THE PROBLEM -
Character for character, transcribe the entries below, minus the images.

DATASET CONTENT -
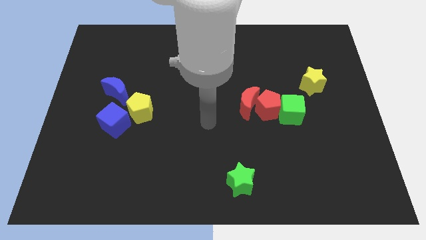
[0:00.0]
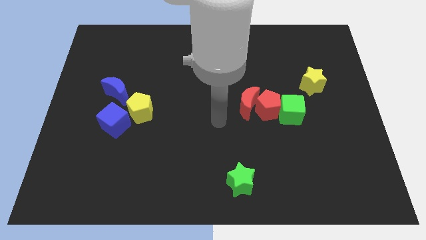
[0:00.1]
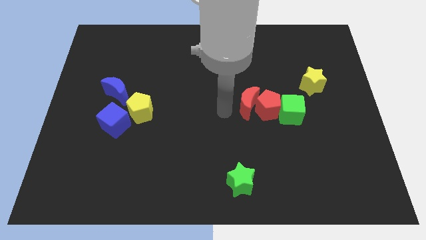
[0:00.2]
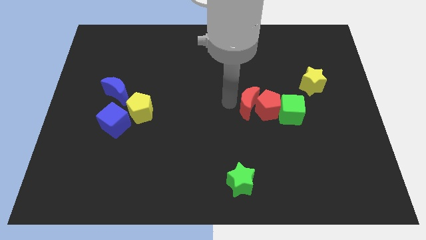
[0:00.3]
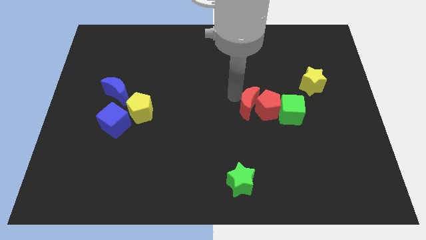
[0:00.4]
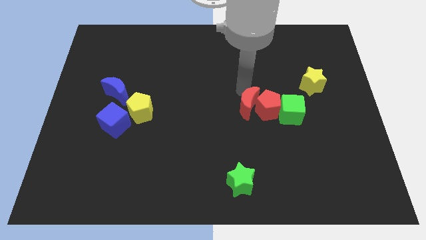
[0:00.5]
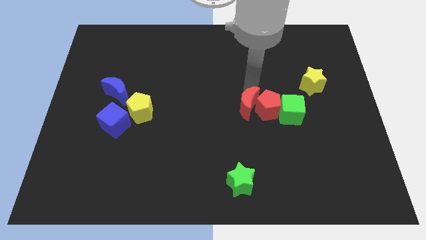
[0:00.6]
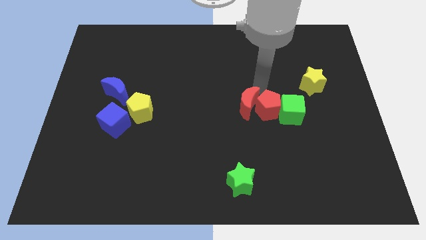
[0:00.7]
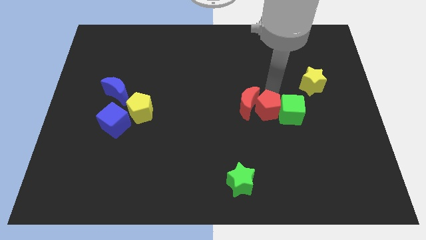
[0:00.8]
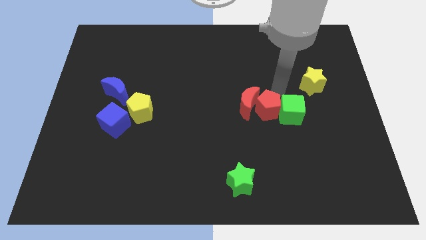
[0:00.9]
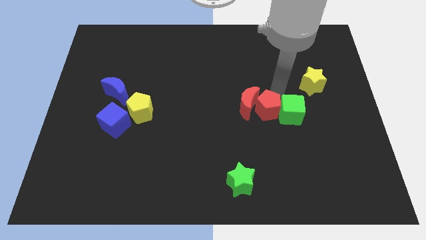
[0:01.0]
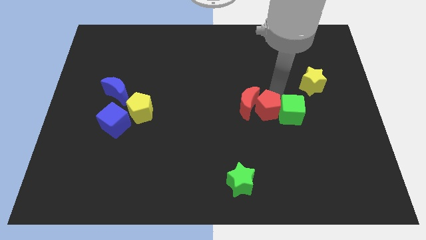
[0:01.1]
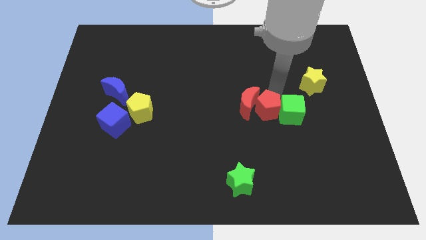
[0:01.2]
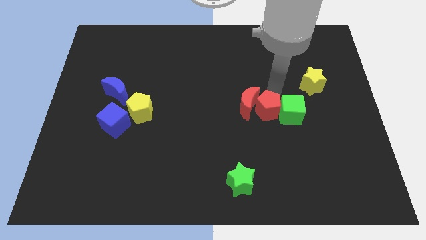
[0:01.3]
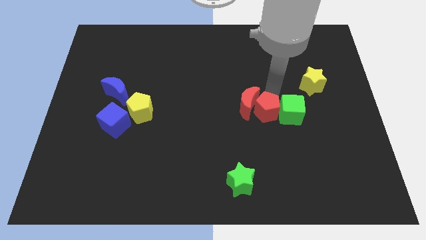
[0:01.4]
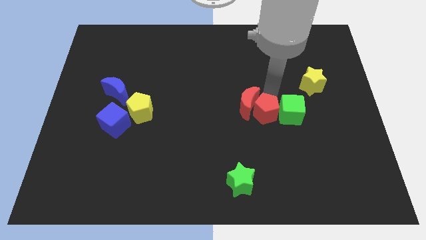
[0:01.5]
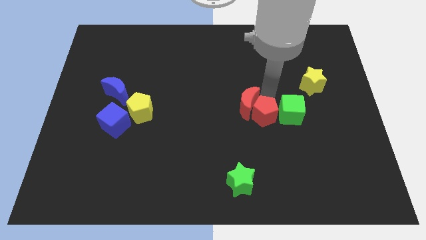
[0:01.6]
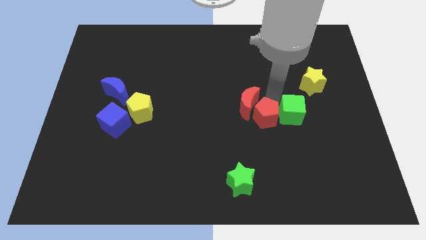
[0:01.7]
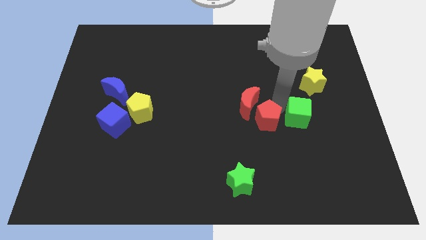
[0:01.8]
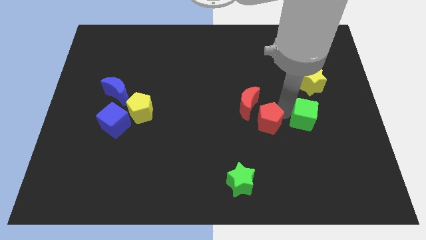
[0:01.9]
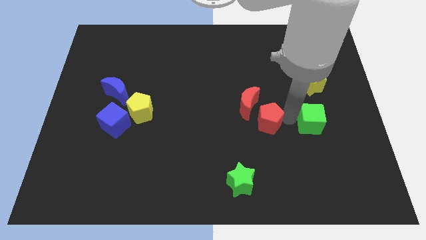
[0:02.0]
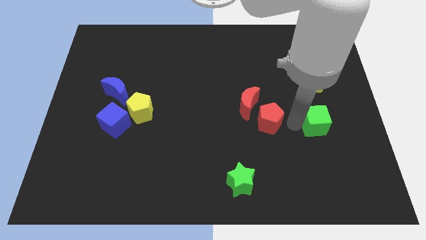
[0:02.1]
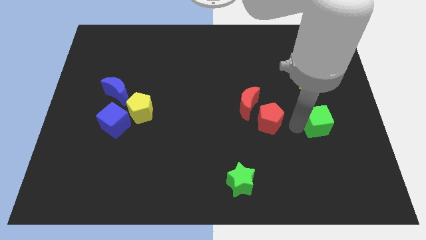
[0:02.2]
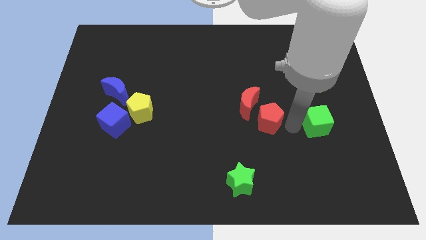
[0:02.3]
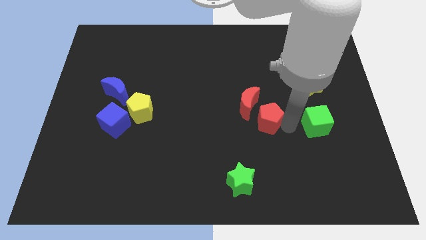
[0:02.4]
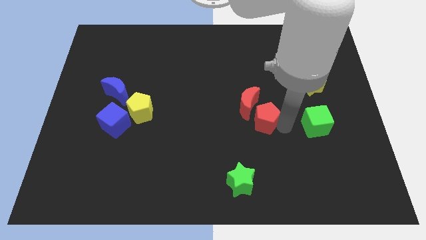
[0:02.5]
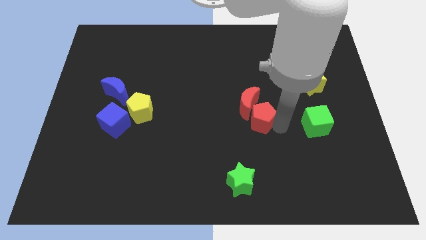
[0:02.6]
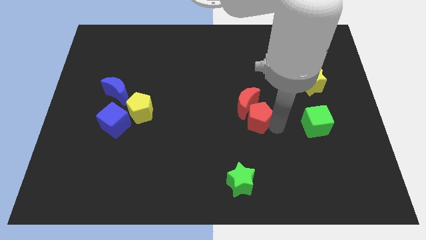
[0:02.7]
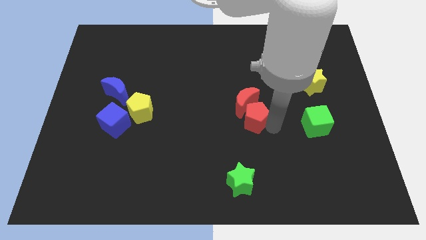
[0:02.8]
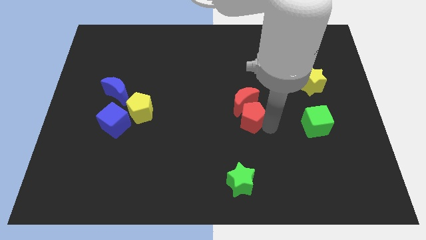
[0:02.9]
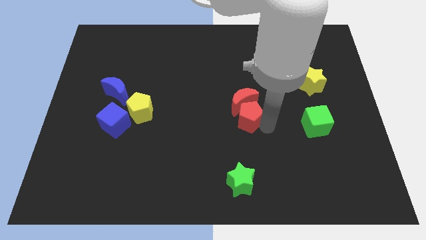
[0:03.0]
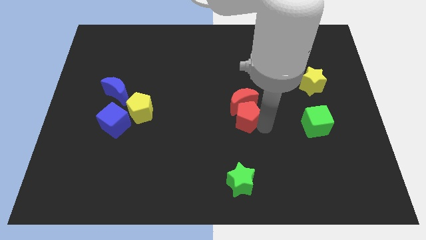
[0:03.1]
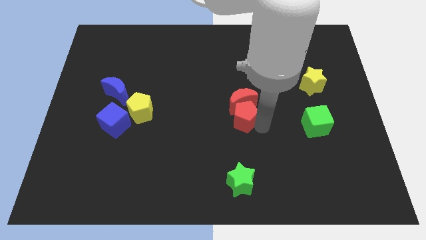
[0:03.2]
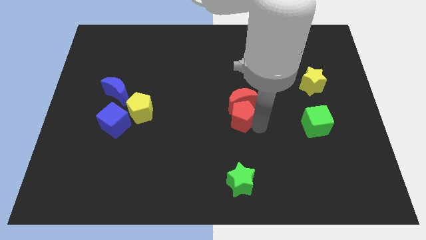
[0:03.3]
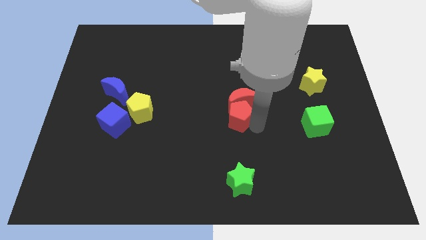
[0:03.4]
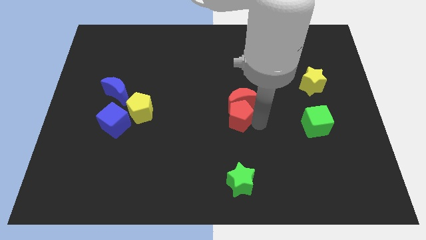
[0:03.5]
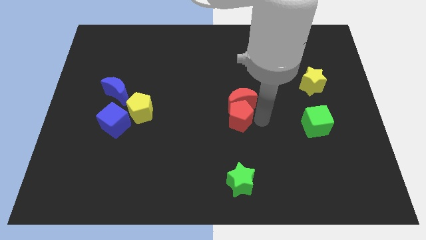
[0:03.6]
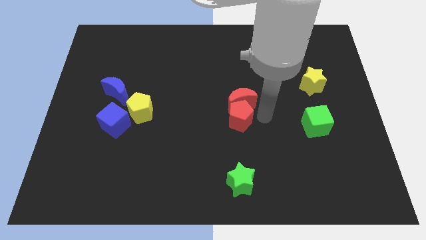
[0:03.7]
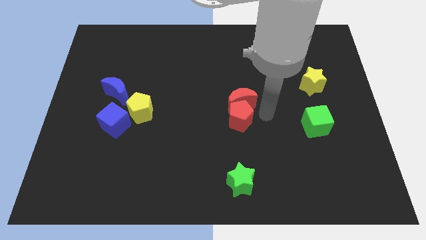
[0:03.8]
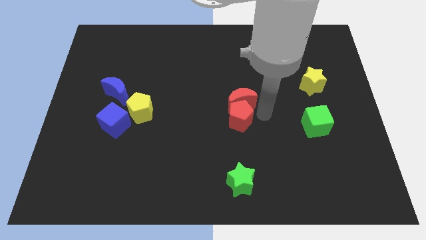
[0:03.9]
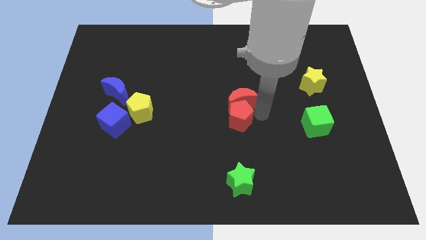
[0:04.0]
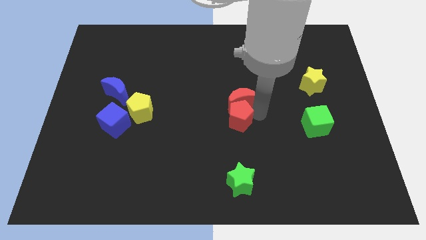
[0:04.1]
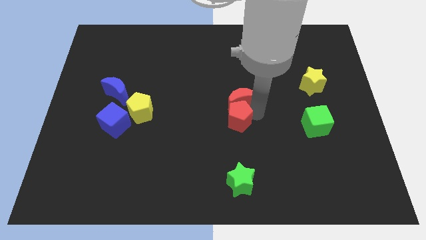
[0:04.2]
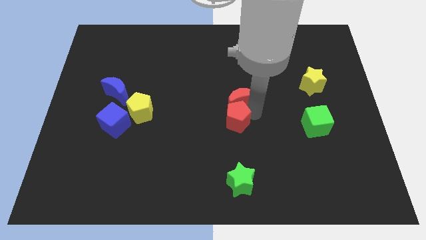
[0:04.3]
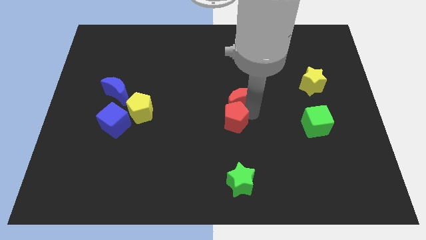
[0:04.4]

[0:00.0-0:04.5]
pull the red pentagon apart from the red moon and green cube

RESULT FOR THIS TASK -
[0:00.0]
[0:00.1]
[0:00.2]
[0:00.3]
[0:00.4]
[0:00.5]
[0:00.6]
[0:00.7]
[0:00.8]
[0:00.9]
[0:01.0]
[0:01.1]
[0:01.2]
[0:01.3]
[0:01.4]
[0:01.5]
[0:01.6]
[0:01.7]
[0:01.8]
[0:01.9]
[0:02.0]
[0:02.1]
[0:02.2]
[0:02.3]
[0:02.4]
[0:02.5]
[0:02.6]
[0:02.7]
[0:02.8]
[0:02.9]
[0:03.0]
[0:03.1]
[0:03.2]
[0:03.3]
[0:03.4]
[0:03.5]
[0:03.6]
[0:03.7]
[0:03.8]
[0:03.9]
[0:04.0]
[0:04.1]
[0:04.2]
[0:04.3]
[0:04.4]

[0:00.0-0:04.5]
pull the red pentagon apart from the red moon and green cube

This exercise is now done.